Tanigawa, Hiroyasu; Sakasegawa, Hideo; Ogiwara, Hiroyuki*; Kishimoto, Hirotatsu*; Koyama, Akira*
Journal of Nuclear Materials, 367-370(1), p.132 - 136, 2007/08
Times Cited Count:51 Percentile:93.95(Materials Science, Multidisciplinary)It was previously reported that reduced-activation ferritic/martensitic steels (RAFs), such as F82H-IEA and JLF-1, showed a variety of changes in its mechanical property after neutron irradiation at 573K up to 5dpa, and have possible correlation with precipitation. The effects of irradiation on precipitation were also reported previously. In this study, irradiation effects on precipitation were investigated in detail utilizing ion irradiation in which irradiation condition could be controlled with high accuracy. F82H IEA heat, JLF-1 HFIR heat, and aged F82H-IEA (873K
30k h) were used for experiments. The specimens were irradiated at DuET facility, Inst. of Advanced Energy, Kyoto University up to 10 dpa at 573K with 6.4MeV Fe
ion. Cross sectional TEM thin film specimens of ion irradiated region were made utilizing focused ion beam (FIB) processor with micro-sampling system at JAERI. These thin film specimens were made to contain both irradiated region and non-irradiated region beneath irradiated region. Size distribution and aspect ratio of precipitates were analyzed on each region. It turned out that the finer precipitates were dominant in irradiated region of F82H compared to that in non-irradiated region, but fewer and larger precipitates were dominant in irradiated region of JLF-1. These results confirmed the presence of irradiation effects on precipitate evolution even at 573K, which was observed in neutron irradiated RAFs.

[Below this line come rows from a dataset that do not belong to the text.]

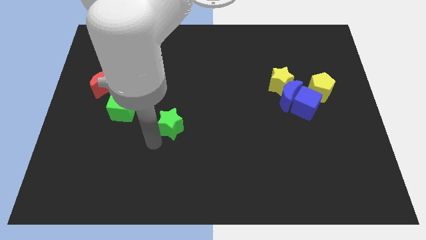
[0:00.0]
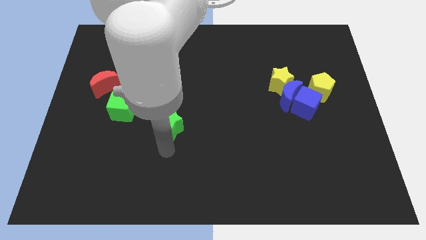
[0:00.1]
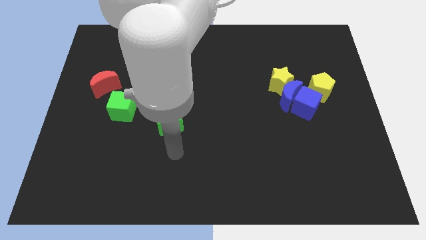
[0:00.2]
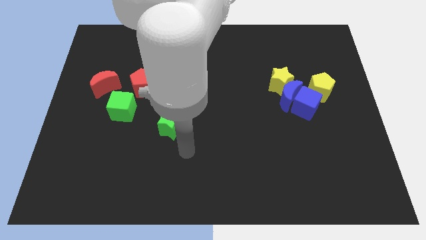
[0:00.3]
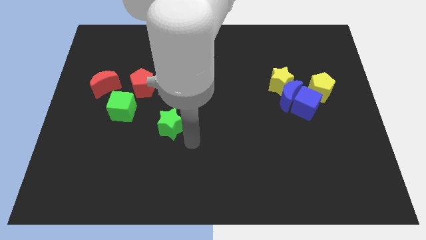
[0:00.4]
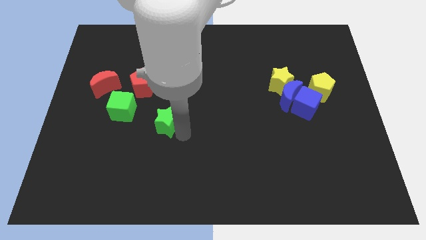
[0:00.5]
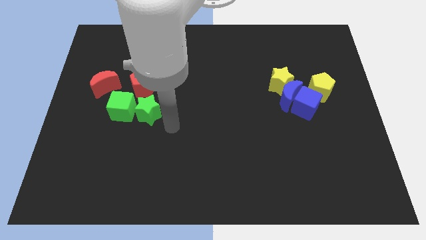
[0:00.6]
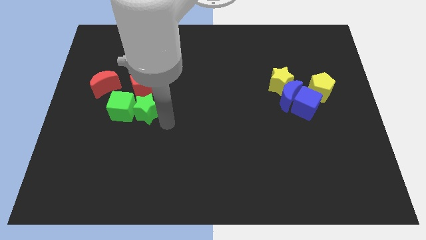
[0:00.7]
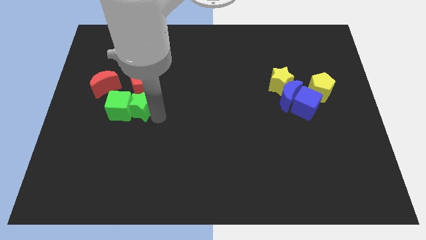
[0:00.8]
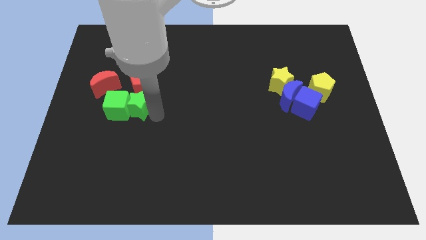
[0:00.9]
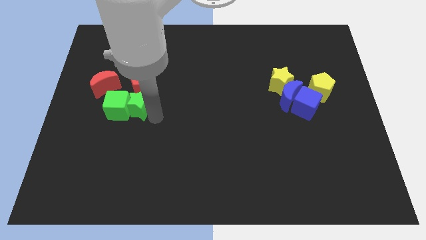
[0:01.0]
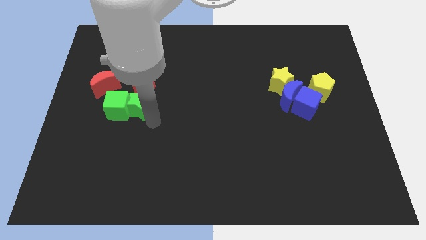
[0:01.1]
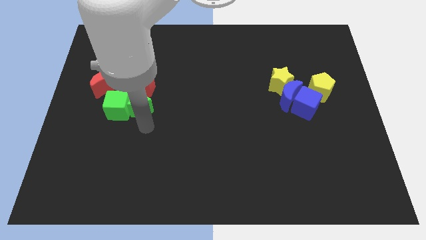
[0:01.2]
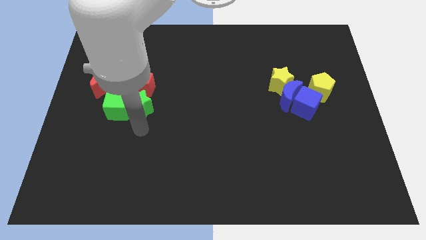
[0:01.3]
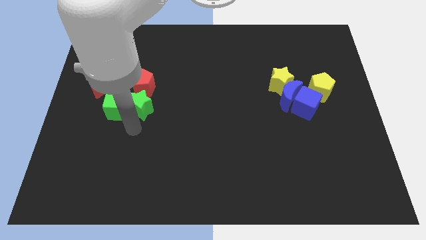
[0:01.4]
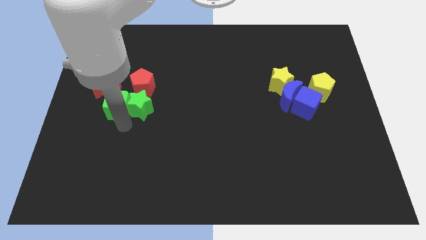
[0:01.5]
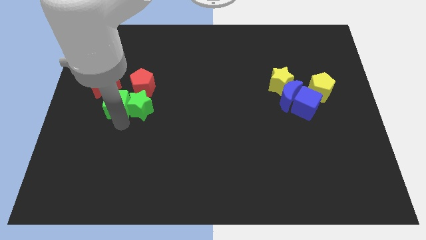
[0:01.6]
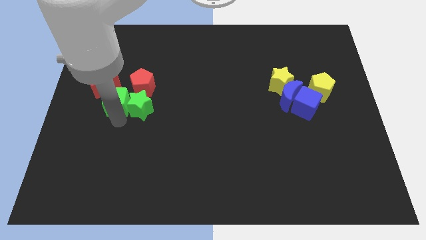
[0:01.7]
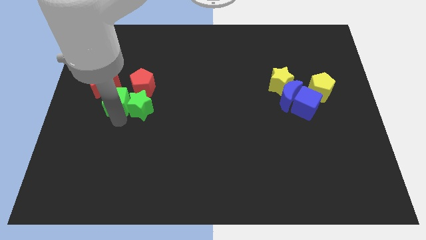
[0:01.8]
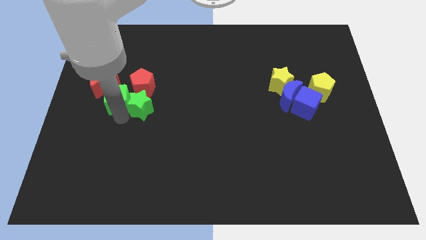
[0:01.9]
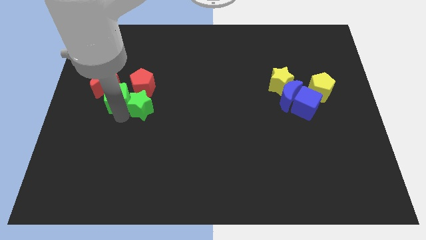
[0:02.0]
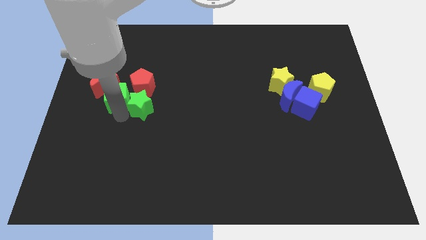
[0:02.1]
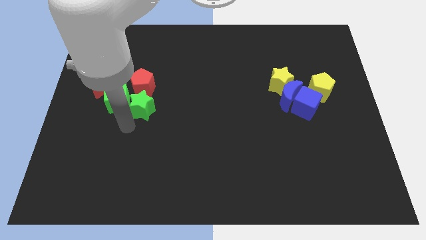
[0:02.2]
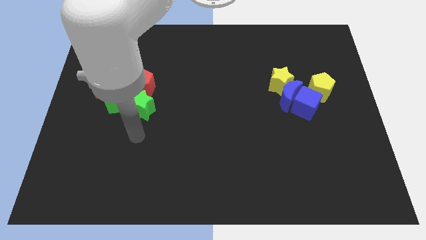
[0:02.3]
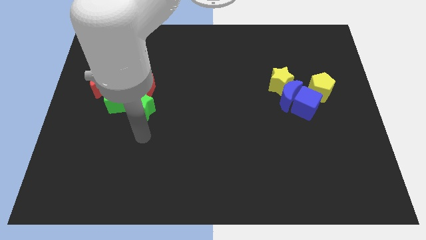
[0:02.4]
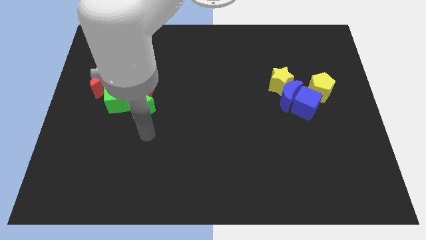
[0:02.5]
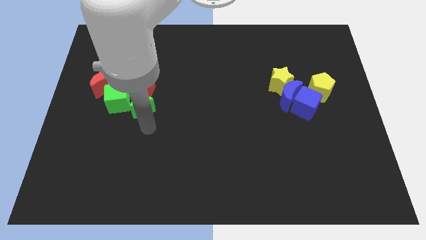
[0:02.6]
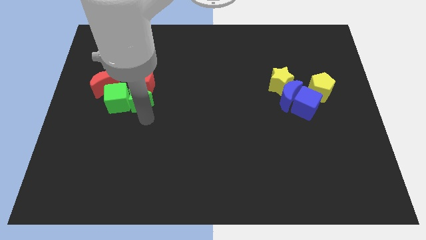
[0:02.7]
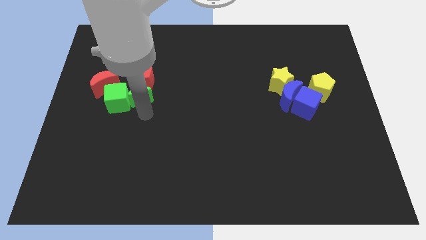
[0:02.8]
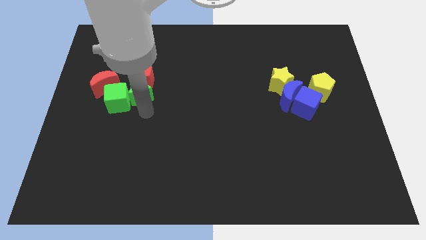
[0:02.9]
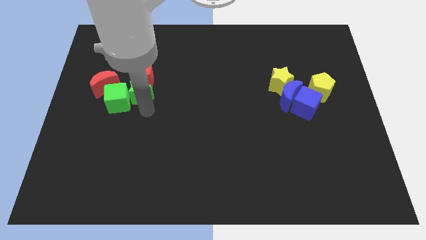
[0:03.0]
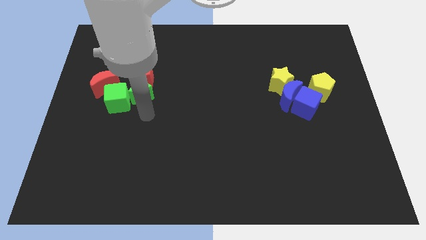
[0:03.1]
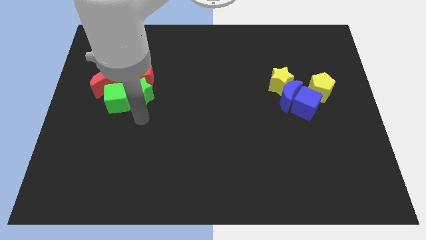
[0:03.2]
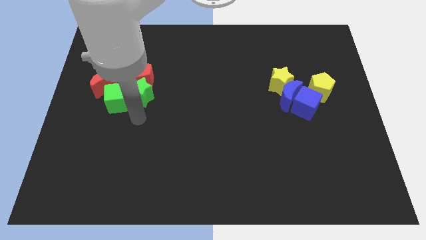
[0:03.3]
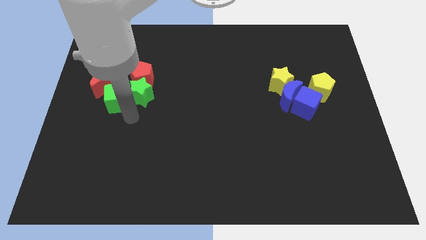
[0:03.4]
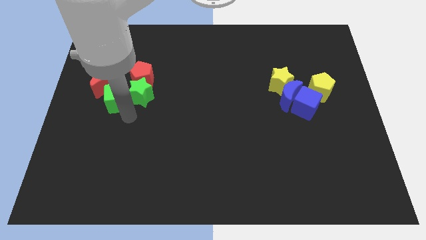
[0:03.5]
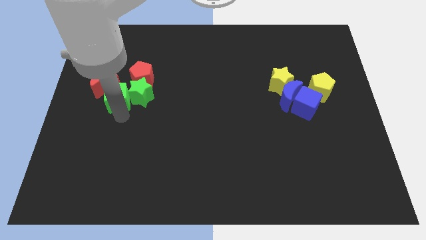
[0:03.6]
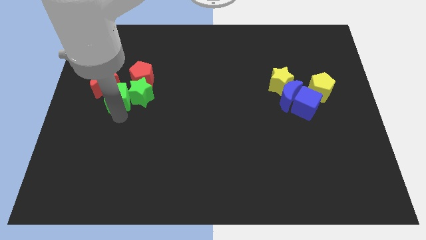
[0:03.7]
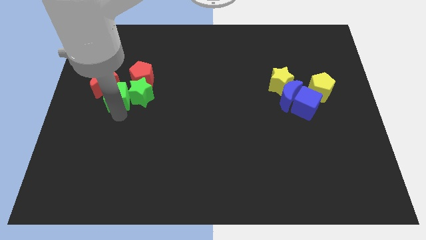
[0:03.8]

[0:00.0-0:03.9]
drag the green star below the red pentagon

Tanigawa, Hiroyasu; Sakasegawa, Hideo; Hashimoto, Naoyuki*; Klueh, R. L.*; Ando, Masami; Sokolov, M. A.*
Journal of Nuclear Materials, 367-370(1), p.42 - 47, 2007/08
Times Cited Count:27 Percentile:84.36(Materials Science, Multidisciplinary)It was previously reported that reduced-activation ferritic/martensitic steels (RAFs), such as F82H-IEA and its heat treatment variant, ORNL9Cr-2WVTa, JLF-1 and 2%Ni-doped F82H, showed a variety of changes in ductile-brittle transition temperature (DBTT) and yield stress after irradiation at 573K up to 5dpa. These differences could not be interpreted solely as an effect of irradiation hardening caused by dislocation loop formation. To address these observations, the precipitation behavior of the irradiated steels was examined by weight analysis, X-ray diffraction analysis and chemical analysis on extraction residues. The results suggested that irradiation affects precipitation as if it was forced to reach the thermal equilibrium state at irradiation temperature 573K, which usually never be achieved by aging. The details of precipitates in the irradiated RAFs were examined to determine their impact on the mechanical properties, which obtained by tensile, Charpy impact, and bend bar toughness tests. Transmission electron microscopy was performed on thin films and extraction replica specimens to analyze the size distribution, chemical composition and crystal structure of precipitates. It turned out that the hardening level normalized by square root of average packet size showed a linear dependence on the increase of extracted precipitate weight. This dependence suggests that the difference in irradiation hardening between RAFs was caused by the different precipitation behavior on packet, block and prior austenitic grain boundaries during irradiation. The simple Hall-Petch law could be applicable to interpret this dependence. Detailed analytical results will be presented and their interpretation discussed.